UsuńDla mnie te 130m po obecnych 40 to jak do pałacu przejście. Myślę że z czasem się przyzwyczaję, ale na początku będzie ciężko :) hihi
buziaki
a ja chyba jestem jakaś dziwna :) bo lubię zapach cementu , tynku..kojarzy mi się chyba dobrze..właśnie z budowaniem domu rodziców :)
UsuńAle uroczy ten domek :) fajnie, że macie tyle okien tarasowych i cudny jest ten trójkątny wykusz. Wykończenie wnętrz to chyba najdłuższy i najciekawszy etap prac. Życzę wielkiej radości z wybierania podłóg, kafli, baterii kranowych, kolorów itp. I niecierpliwie czekam na efekty waszych prac :)
OdpowiedzUsuńWszelkiej pomyślności
W planie było tylko jedno okno tarasowe, ale dodaliśmy jeszcze 2 żeby było światła więcej.
UsuńPowoli zaczynam się rozglądać za tym wszystkim o czym piszesz, jutro zaliczam salon łazienek- fajne to takie szukanie jest co tu gadać :)

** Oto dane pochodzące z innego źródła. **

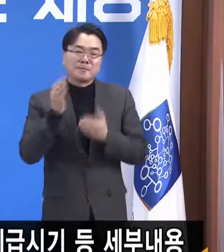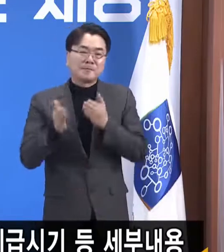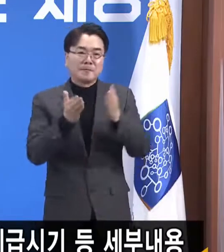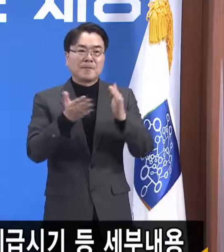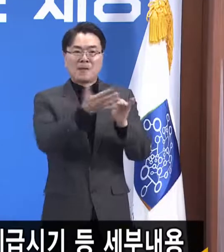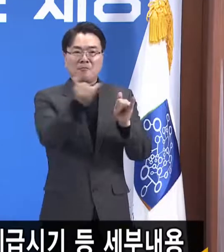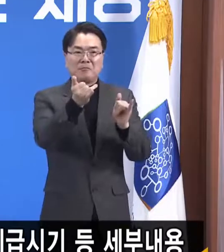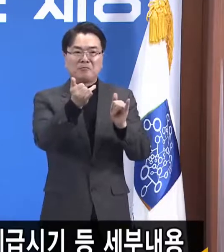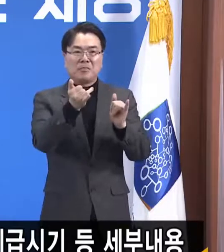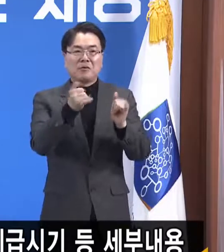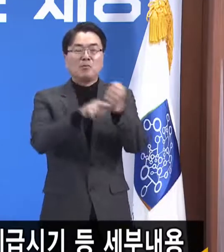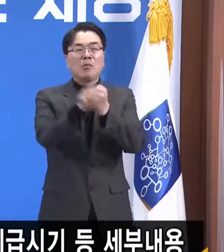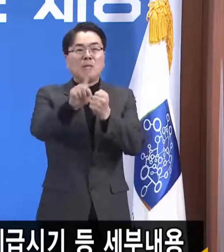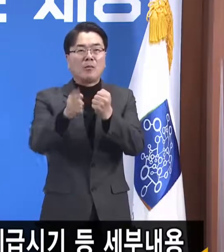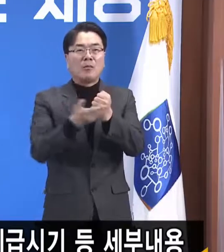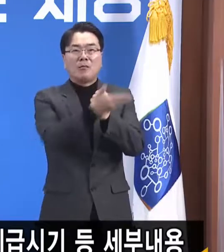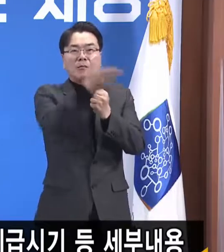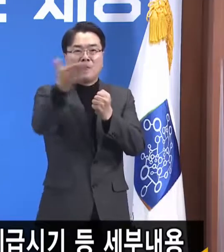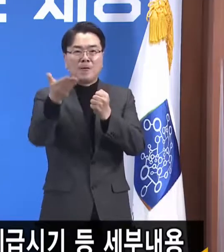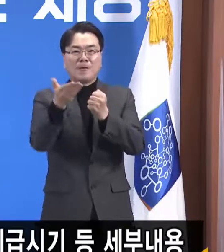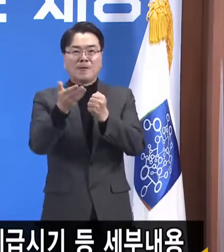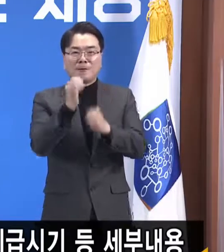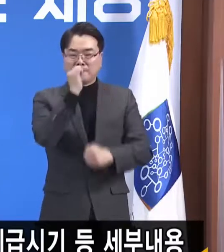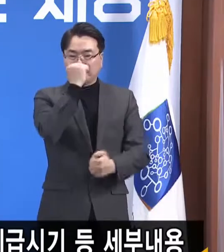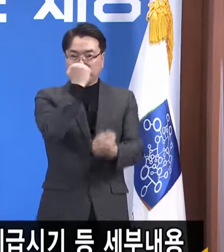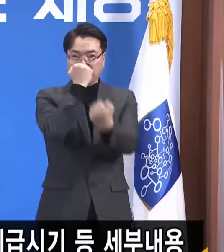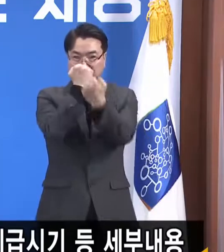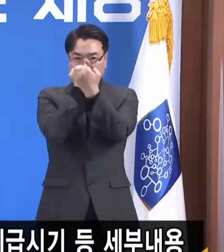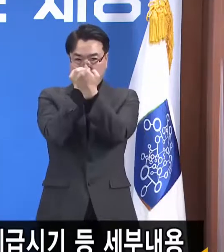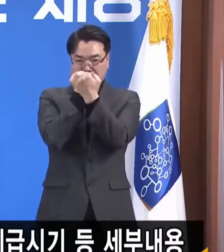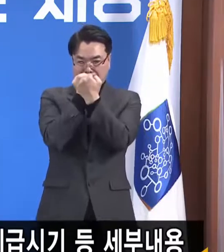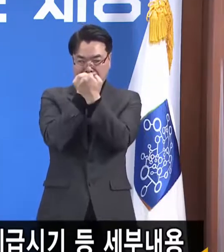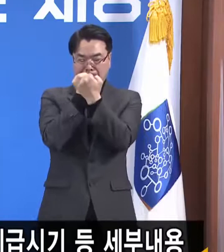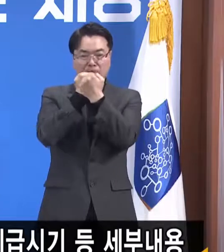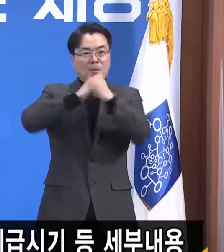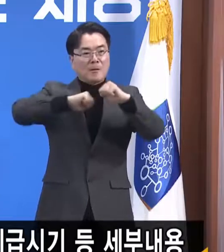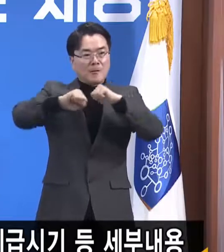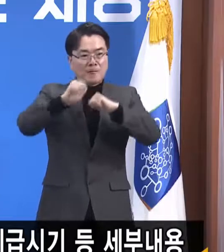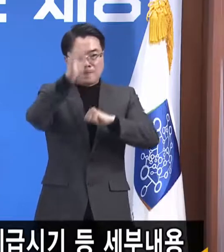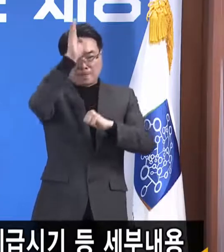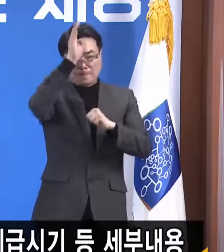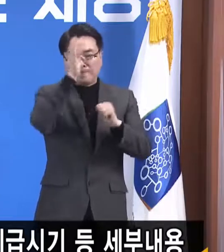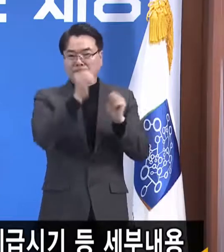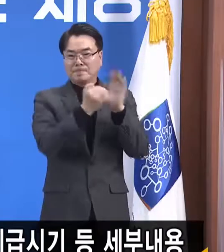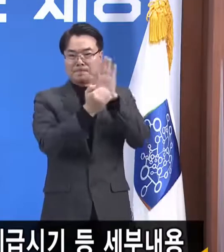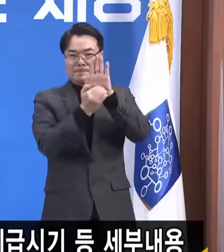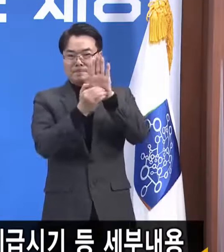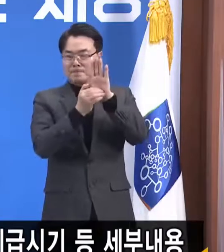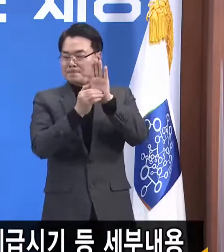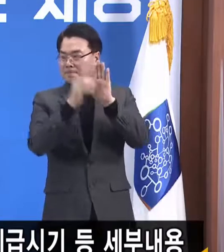방역수칙을 어기고 무리한 대외활동, 집단활동을 한다는 뜻인데 그럴 리가 있겠습니까?

ojej jak super! śliczne domek :)))
OdpowiedzUsuńmatko jak Wam dobrze! :))))))))))))))))
mam nadzieję, ze teraz coraz częściej będziesz nam pokazywała swoje wnętrza i przemiany tam zachodzące:) buziaki
Aniu będę pokazywała na pewno, już niebawem zaczynam szorowanie stołu do domku, muszę go tylko przywieźć w końcu.
Usuńbuziaki
Pięknie!!! :) Tyle miejsca do popisu! :)
OdpowiedzUsuńNie mogę doczekać się tych wnętrz! :)
Oj miejsca będę miała sporo, w porównaniu do obecnego metrażu :)
UsuńŚliczny :) My się remontujemy już bardzooo długo, mam nadzieję, że u Was pójdzie raz dwa wykończenie :)
OdpowiedzUsuńczas pokaże :) Powodzenia życzę Tobie
UsuńSuper reportáž. Nás to čeká letos. Věra
OdpowiedzUsuńThank you Věra :)
OdpowiedzUsuńBardzo konkretnie napisane. Super artykuł.
OdpowiedzUsuńJa jeszcze nie doszedłem do tego aby budować swój dom, ale może w przyszłości uda mi się to osiągnąć. Na tą chwilę jestem bardzo szczęśliwy, że mam możliwość kupienia nowego mieszkania w mojej pięknej Rumi. Zdecydowałem się na mieszkanie od dewelopera https://www.eurostyl.com.pl/oferta/nowe-mieszkania-rumia.html więc dlatego już nie mogę się doczekać jego odbioru.
OdpowiedzUsuńNaprawdę świetnie napisane. Pozdrawiam.
OdpowiedzUsuńŚwietna sprawa. Pozdrawiam serdecznie.